(DATA SHOWN Opens)

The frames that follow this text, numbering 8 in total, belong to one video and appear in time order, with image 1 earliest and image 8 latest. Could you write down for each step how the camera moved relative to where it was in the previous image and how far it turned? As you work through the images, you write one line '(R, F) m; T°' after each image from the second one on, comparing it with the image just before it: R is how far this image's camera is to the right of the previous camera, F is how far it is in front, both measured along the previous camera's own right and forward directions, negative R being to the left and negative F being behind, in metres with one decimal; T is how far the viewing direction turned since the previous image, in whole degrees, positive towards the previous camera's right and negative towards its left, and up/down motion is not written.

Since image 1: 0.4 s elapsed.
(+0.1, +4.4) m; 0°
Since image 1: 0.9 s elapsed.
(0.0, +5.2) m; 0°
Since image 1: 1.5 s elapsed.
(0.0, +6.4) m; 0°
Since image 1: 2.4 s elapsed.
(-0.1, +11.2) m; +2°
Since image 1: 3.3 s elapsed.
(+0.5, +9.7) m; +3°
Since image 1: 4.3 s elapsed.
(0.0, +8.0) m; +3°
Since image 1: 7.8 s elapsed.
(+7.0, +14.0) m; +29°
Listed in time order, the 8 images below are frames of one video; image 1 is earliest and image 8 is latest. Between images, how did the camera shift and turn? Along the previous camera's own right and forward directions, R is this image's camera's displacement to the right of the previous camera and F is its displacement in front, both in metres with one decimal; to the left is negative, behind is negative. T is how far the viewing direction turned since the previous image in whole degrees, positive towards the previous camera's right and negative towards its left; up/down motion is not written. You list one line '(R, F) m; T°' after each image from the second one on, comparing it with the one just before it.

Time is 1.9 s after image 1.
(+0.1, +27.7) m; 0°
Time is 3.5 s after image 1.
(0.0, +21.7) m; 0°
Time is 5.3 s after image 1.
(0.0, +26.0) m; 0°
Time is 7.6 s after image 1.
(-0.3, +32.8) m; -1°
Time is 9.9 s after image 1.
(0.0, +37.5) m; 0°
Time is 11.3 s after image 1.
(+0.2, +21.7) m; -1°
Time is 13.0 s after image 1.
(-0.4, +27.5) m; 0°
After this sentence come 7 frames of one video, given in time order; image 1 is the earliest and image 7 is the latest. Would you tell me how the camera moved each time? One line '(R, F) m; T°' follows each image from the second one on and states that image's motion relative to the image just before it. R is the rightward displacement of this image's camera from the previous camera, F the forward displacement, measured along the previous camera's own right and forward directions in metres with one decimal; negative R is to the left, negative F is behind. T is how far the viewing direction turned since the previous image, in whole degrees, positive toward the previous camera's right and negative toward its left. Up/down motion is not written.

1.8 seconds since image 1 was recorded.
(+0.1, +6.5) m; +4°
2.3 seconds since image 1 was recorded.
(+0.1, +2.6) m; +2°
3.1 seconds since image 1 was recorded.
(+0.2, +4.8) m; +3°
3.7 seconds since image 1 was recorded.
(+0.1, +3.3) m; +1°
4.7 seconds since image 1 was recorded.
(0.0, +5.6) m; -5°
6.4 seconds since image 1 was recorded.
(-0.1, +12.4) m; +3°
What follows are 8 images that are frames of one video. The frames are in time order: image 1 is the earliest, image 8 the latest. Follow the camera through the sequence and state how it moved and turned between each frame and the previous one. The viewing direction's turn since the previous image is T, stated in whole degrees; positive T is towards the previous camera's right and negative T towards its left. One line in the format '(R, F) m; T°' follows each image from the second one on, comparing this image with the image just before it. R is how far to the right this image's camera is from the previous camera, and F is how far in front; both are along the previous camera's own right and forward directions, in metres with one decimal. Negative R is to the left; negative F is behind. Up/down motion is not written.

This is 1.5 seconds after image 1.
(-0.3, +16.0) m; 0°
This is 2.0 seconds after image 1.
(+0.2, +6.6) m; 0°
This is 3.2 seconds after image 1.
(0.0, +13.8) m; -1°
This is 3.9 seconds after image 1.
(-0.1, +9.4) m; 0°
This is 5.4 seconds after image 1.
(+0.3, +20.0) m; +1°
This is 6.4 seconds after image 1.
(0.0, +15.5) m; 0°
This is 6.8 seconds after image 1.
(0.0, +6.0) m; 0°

(DATA SHOWN Closes)

DESCRIPTION OF THE TASK: Give the data again, exactly as written.

TASK RESULT:
The frames that follow this text, numbering 8 in total, belong to one video and appear in time order, with image 1 earliest and image 8 latest. Could you write down for each step how the camera moved relative to where it was in the previous image and how far it turned? As you work through the images, you write one line '(R, F) m; T°' after each image from the second one on, comparing it with the image just before it: R is how far this image's camera is to the right of the previous camera, F is how far it is in front, both measured along the previous camera's own right and forward directions, negative R being to the left and negative F being behind, in metres with one decimal; T is how far the viewing direction turned since the previous image, in whole degrees, positive towards the previous camera's right and negative towards its left, and up/down motion is not written.

Since image 1: 0.4 s elapsed.
(+0.1, +4.4) m; 0°
Since image 1: 0.9 s elapsed.
(0.0, +5.2) m; 0°
Since image 1: 1.5 s elapsed.
(0.0, +6.4) m; 0°
Since image 1: 2.4 s elapsed.
(-0.1, +11.2) m; +2°
Since image 1: 3.3 s elapsed.
(+0.5, +9.7) m; +3°
Since image 1: 4.3 s elapsed.
(0.0, +8.0) m; +3°
Since image 1: 7.8 s elapsed.
(+7.0, +14.0) m; +29°
Listed in time order, the 8 images below are frames of one video; image 1 is earliest and image 8 is latest. Between images, how did the camera shift and turn? Along the previous camera's own right and forward directions, R is this image's camera's displacement to the right of the previous camera and F is its displacement in front, both in metres with one decimal; to the left is negative, behind is negative. T is how far the viewing direction turned since the previous image in whole degrees, positive towards the previous camera's right and negative towards its left; up/down motion is not written. You list one line '(R, F) m; T°' after each image from the second one on, comparing it with the one just before it.

Time is 1.9 s after image 1.
(+0.1, +27.7) m; 0°
Time is 3.5 s after image 1.
(0.0, +21.7) m; 0°
Time is 5.3 s after image 1.
(0.0, +26.0) m; 0°
Time is 7.6 s after image 1.
(-0.3, +32.8) m; -1°
Time is 9.9 s after image 1.
(0.0, +37.5) m; 0°
Time is 11.3 s after image 1.
(+0.2, +21.7) m; -1°
Time is 13.0 s after image 1.
(-0.4, +27.5) m; 0°
After this sentence come 7 frames of one video, given in time order; image 1 is the earliest and image 7 is the latest. Would you tell me how the camera moved each time? One line '(R, F) m; T°' follows each image from the second one on and states that image's motion relative to the image just before it. R is the rightward displacement of this image's camera from the previous camera, F the forward displacement, measured along the previous camera's own right and forward directions in metres with one decimal; negative R is to the left, negative F is behind. T is how far the viewing direction turned since the previous image, in whole degrees, positive toward the previous camera's right and negative toward its left. Up/down motion is not written.

1.8 seconds since image 1 was recorded.
(+0.1, +6.5) m; +4°
2.3 seconds since image 1 was recorded.
(+0.1, +2.6) m; +2°
3.1 seconds since image 1 was recorded.
(+0.2, +4.8) m; +3°
3.7 seconds since image 1 was recorded.
(+0.1, +3.3) m; +1°
4.7 seconds since image 1 was recorded.
(0.0, +5.6) m; -5°
6.4 seconds since image 1 was recorded.
(-0.1, +12.4) m; +3°
What follows are 8 images that are frames of one video. The frames are in time order: image 1 is the earliest, image 8 the latest. Follow the camera through the sequence and state how it moved and turned between each frame and the previous one. The viewing direction's turn since the previous image is T, stated in whole degrees; positive T is towards the previous camera's right and negative T towards its left. One line in the format '(R, F) m; T°' follows each image from the second one on, comparing this image with the image just before it. R is how far to the right this image's camera is from the previous camera, and F is how far in front; both are along the previous camera's own right and forward directions, in metres with one decimal. Negative R is to the left; negative F is behind. Up/down motion is not written.

This is 1.5 seconds after image 1.
(-0.3, +16.0) m; 0°
This is 2.0 seconds after image 1.
(+0.2, +6.6) m; 0°
This is 3.2 seconds after image 1.
(0.0, +13.8) m; -1°
This is 3.9 seconds after image 1.
(-0.1, +9.4) m; 0°
This is 5.4 seconds after image 1.
(+0.3, +20.0) m; +1°
This is 6.4 seconds after image 1.
(0.0, +15.5) m; 0°
This is 6.8 seconds after image 1.
(0.0, +6.0) m; 0°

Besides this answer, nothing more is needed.